Gründer sollten in den ersten Jahren entlastet und von Bürokratie befreien werden, um sich auf ihre eigentliche Tätigkeit fokussieren zu können. Dass unter den Mitgliedern der Bundestagsfraktionen der SPD, der Grünen und der Linken nur 15 Selbstständige sind kritisierte Schmalzl. Etwa die Hälfte der Abgeordneten im Deutschen Bundestag komme aus dem öffentlichen Dienst. Das sei an sich nicht schlecht. Ebenso wie der Fakt, dass etwa 40 % der jungen Menschen angeben später gerne beim Staat arbeiten zu wollen.

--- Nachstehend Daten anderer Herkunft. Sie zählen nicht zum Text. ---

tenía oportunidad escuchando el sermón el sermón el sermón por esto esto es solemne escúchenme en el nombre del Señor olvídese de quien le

Es brauche aber auch junge Unternehmerinnen und Unternehmer.
In seinem Vortrag hob Johannes Schmalzl zum einen die faktischen, wie auch die emotionalen Herausforderungen hervor. „Die Vereinbarkeit von Familie und Arbeit wird bei Selbstständigen oder Unternehmer allzu oft zum Luxusproblem erklärt.“ Die Gründungsberatung der IHK nehmen etwa gleich viele Frauen und Männer wahr. Bei den Gründern sind Frauen allerdings mit etwa 20 % noch immer deutlich in der Minderheit. Und das, obwohl diese oft die besseren Abschlüsse vorzuweisen hätten. Auch die Angst zu scheitern müsse aus den Köpfen und die Chancen auf wirtschaftliches Wachstum und zusätzliche Arbeitsplätze im F
okus stehen.
Johannes Schmalzl erklärte auch „Digitalisierung ist Chefsache“. Eine digitale Infrastruktur ist ein entscheidender Faktor für die wirtschaftliche Entwicklung der Region Stuttgart. Doch die Digitalisierung zeige sich auch von Ihrer negativen Seite. Ehrenamtliche Mandatsträger müssen sich immer öfter mit unzählig zusätzlich angehängten Dokumenten auseinandersetzen. Man versuche sich so für jeden erdenklichen Fall abzusichern. Dies sei in der gegebenen Zeit aber kaum zu bewältigen, daher müsse der „Onepager“ zum Antrag eingefordert werden. Alle wichtigen Informationen sollen den Entscheidungsträgern kompakt zugänglich gemacht werden.